A recent fMRI study – delineating the “bottleneck” of time-compressed speech processing – found higher stages of language processing associated with “buffer regions” within left ventrolateral frontal cortex/anterior insula, precentral gyrus and mesio-frontal areas to represent the limiting factor of spoken language comprehension . Our data suggest that the visual cortex must also be considered an essential prerequisite to enhanced speech encoding at high syllable rates. Altogether, sighted subjects appear unable – or at least not to “attempt” – to recruit the central-visual system in order to speed up comprehension of spoken language. Occipital cortex, indeed, responds to auditory stimulation, given the negative values of percent signal change, but appears rather to be “actively suppressed” during attempts to understand ultra-fast speech. Against this background, the bottleneck within the frontal language network referred to should represent the upper limit of spoken language understanding.

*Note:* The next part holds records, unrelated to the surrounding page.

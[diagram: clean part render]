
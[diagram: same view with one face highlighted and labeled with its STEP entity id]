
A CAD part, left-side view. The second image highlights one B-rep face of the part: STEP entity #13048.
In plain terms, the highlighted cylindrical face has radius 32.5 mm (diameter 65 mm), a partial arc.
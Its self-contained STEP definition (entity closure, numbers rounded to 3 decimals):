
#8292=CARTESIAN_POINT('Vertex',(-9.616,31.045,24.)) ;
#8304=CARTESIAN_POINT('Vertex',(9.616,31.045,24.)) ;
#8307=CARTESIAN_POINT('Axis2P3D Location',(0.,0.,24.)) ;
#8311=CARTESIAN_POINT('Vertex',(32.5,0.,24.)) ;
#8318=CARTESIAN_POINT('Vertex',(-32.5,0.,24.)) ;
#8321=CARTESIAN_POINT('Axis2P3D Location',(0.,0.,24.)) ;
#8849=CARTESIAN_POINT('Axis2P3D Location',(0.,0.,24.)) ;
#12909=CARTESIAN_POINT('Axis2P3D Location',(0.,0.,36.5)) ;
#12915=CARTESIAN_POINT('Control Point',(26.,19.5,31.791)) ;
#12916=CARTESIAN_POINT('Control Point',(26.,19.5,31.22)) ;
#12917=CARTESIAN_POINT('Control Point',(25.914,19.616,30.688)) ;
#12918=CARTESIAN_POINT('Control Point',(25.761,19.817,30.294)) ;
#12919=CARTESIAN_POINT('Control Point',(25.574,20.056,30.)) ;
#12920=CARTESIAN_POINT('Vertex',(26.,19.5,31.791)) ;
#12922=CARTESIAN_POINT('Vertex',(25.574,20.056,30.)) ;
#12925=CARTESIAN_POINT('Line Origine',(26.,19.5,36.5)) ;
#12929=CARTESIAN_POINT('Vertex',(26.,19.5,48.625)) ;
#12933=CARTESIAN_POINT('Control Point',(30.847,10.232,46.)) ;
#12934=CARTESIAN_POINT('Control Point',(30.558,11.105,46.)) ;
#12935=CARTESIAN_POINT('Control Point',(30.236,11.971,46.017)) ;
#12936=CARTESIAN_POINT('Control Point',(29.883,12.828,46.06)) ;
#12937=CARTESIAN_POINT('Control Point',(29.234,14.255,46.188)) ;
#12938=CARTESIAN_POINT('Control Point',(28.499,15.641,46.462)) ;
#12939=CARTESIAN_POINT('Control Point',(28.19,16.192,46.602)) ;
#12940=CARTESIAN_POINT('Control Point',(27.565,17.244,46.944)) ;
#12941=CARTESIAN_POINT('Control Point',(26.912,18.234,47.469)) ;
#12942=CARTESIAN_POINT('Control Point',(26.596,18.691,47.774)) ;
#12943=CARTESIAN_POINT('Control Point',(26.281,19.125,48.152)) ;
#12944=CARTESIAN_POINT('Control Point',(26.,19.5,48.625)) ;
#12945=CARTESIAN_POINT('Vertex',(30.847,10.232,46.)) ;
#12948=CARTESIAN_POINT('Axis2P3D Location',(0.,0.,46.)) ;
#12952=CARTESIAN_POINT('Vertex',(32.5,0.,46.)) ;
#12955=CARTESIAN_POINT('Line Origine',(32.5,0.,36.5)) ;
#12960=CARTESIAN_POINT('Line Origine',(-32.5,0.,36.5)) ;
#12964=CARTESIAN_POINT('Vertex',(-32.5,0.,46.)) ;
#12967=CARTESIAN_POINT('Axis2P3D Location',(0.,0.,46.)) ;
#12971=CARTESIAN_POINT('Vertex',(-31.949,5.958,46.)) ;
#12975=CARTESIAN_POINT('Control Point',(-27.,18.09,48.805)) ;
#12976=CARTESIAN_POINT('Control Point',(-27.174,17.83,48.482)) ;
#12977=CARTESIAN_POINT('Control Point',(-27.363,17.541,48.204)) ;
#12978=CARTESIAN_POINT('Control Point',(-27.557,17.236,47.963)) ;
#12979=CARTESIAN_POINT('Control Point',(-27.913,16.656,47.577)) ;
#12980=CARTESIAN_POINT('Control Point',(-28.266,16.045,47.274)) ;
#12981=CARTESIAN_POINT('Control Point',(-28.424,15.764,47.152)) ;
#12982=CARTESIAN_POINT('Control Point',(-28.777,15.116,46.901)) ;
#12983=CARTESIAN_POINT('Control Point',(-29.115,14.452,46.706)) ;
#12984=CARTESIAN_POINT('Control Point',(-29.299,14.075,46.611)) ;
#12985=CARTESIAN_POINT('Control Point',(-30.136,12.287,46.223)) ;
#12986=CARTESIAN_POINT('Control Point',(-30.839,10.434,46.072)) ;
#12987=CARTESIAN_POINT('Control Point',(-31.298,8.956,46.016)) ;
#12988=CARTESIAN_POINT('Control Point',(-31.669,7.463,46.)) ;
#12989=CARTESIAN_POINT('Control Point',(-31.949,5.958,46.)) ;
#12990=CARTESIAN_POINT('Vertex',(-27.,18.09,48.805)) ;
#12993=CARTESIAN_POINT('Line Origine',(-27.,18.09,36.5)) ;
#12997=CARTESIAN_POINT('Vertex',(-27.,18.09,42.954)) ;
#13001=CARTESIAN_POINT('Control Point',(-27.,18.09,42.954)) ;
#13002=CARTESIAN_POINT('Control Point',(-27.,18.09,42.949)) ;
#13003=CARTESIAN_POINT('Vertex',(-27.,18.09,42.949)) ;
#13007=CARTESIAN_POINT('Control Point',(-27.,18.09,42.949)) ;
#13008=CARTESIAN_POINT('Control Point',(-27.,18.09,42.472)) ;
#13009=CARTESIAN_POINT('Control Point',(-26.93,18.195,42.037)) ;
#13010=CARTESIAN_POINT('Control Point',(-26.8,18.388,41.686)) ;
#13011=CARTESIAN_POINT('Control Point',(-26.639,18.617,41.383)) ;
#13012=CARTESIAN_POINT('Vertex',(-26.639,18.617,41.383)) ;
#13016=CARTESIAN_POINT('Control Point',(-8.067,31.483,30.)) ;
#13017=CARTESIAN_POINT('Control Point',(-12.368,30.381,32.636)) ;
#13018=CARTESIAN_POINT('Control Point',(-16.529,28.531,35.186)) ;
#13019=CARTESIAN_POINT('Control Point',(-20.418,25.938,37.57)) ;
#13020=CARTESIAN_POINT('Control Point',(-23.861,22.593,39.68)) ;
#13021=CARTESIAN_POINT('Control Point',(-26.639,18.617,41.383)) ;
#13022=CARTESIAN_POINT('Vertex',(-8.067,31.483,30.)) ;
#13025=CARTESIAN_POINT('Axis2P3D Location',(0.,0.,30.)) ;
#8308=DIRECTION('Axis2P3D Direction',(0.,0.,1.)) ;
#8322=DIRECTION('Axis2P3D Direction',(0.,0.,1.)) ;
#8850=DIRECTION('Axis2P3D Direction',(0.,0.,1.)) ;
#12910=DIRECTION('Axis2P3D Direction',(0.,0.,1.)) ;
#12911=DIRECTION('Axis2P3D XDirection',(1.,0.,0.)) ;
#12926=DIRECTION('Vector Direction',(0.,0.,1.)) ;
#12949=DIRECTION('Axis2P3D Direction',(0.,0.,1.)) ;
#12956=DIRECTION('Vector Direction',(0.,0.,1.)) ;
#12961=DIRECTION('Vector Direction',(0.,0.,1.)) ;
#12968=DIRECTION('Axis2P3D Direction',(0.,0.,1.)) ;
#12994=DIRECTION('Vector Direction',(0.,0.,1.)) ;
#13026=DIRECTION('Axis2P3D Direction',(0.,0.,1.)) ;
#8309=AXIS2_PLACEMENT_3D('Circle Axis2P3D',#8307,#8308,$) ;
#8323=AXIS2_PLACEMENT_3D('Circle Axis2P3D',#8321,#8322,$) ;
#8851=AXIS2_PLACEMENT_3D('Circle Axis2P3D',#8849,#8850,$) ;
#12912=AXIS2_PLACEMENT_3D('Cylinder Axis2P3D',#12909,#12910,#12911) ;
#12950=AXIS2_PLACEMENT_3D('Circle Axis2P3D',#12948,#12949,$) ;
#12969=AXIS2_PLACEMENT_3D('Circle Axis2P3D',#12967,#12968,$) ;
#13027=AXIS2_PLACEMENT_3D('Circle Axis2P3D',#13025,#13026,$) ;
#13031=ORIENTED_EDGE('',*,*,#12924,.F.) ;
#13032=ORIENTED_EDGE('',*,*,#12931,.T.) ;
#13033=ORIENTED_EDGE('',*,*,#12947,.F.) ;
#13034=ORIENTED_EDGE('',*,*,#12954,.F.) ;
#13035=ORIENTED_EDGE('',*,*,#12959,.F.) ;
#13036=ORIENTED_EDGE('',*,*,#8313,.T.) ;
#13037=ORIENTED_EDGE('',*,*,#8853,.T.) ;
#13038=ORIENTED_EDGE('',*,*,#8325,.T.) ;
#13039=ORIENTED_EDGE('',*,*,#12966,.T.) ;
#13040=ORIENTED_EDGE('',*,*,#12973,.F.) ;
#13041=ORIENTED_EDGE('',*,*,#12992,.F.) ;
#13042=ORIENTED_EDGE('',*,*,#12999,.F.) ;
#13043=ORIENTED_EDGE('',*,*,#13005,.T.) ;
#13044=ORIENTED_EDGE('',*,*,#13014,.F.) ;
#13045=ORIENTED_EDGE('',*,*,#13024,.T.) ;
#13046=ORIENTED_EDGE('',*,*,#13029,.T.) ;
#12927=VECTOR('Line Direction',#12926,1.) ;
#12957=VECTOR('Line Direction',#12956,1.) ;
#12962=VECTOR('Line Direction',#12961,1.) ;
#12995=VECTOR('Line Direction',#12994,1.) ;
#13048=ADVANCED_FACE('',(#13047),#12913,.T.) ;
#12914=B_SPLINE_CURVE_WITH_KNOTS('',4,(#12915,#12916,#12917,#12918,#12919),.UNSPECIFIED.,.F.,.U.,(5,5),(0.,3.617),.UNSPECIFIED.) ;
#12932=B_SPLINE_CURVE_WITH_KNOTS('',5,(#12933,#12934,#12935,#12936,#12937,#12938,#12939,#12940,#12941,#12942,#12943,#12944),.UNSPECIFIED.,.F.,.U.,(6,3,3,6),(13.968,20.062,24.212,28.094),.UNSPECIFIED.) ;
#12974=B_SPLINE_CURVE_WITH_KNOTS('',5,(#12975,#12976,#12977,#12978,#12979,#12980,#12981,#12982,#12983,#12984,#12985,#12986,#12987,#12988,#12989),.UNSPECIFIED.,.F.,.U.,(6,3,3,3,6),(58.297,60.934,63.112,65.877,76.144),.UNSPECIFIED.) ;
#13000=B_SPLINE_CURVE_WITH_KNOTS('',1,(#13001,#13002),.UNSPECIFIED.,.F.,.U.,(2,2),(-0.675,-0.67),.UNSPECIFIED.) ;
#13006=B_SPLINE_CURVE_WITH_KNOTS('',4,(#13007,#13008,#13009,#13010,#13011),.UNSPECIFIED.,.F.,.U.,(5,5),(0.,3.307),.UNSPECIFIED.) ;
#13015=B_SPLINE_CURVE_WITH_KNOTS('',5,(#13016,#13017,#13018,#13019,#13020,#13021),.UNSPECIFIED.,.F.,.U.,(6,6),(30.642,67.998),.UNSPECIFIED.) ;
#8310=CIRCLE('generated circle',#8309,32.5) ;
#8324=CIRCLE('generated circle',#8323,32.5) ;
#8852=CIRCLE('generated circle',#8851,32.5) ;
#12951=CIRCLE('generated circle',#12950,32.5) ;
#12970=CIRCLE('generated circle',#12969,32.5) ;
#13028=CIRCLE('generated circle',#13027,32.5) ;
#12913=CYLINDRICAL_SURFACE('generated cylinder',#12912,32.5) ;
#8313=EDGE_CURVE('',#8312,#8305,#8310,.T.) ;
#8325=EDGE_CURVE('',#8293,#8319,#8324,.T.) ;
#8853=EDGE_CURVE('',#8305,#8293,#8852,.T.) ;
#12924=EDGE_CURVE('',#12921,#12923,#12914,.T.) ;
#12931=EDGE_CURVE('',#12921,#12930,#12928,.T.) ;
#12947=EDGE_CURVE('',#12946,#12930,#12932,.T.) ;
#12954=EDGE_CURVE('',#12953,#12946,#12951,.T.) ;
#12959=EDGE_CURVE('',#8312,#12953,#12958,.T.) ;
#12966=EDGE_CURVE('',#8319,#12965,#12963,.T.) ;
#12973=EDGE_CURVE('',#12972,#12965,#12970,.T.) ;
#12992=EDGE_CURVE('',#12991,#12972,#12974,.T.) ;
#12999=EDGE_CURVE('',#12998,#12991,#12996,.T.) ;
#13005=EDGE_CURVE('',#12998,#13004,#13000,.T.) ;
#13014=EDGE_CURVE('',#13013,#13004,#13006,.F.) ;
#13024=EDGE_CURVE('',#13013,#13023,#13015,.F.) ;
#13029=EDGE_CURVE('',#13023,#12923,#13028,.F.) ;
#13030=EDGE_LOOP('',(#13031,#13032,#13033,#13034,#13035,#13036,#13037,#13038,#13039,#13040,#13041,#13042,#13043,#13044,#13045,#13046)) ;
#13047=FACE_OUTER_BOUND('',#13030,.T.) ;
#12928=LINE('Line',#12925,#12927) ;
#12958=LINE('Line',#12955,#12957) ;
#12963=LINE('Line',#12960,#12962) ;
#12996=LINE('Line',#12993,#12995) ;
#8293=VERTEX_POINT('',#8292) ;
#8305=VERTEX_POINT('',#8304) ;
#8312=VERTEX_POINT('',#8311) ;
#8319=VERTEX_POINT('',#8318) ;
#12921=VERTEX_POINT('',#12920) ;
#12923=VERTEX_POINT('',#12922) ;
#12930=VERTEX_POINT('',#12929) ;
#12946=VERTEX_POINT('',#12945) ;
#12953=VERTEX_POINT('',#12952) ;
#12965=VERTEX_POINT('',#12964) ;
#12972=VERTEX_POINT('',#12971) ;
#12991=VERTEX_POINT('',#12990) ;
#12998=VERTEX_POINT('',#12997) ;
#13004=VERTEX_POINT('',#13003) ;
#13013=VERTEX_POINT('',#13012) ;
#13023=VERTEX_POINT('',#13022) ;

Blind subjects might be able to circumvent these constraints, based upon the recruitment of an additional timing mechanism bound to interactions between pulvinar, auditory/visual cortex, and SMA.
Limitations of the study
The present study did not find onset of vision loss to pose major constraints upon ultra-fast speech perception capabilities. However, larger well-documented subject groups are required to further corroborate these findings and to identify other clinical factors, such as disease duration, with an eventual impact upon the recruitment of central-visual structures during auditory language comprehension. Furthermore, intra-individual long-term studies are needed to track the time-course of the cerebral reorganization processes associated with the acquisition of ultra-fast speech perception skills and to determine in how far vision loss represents a necessary pre-condition for this capacity. In order to further delineate any differential task-dependent cross-modal reorganization patterns in subjects with early and late vision loss, a larger sample of early-blind individuals has to be recruited.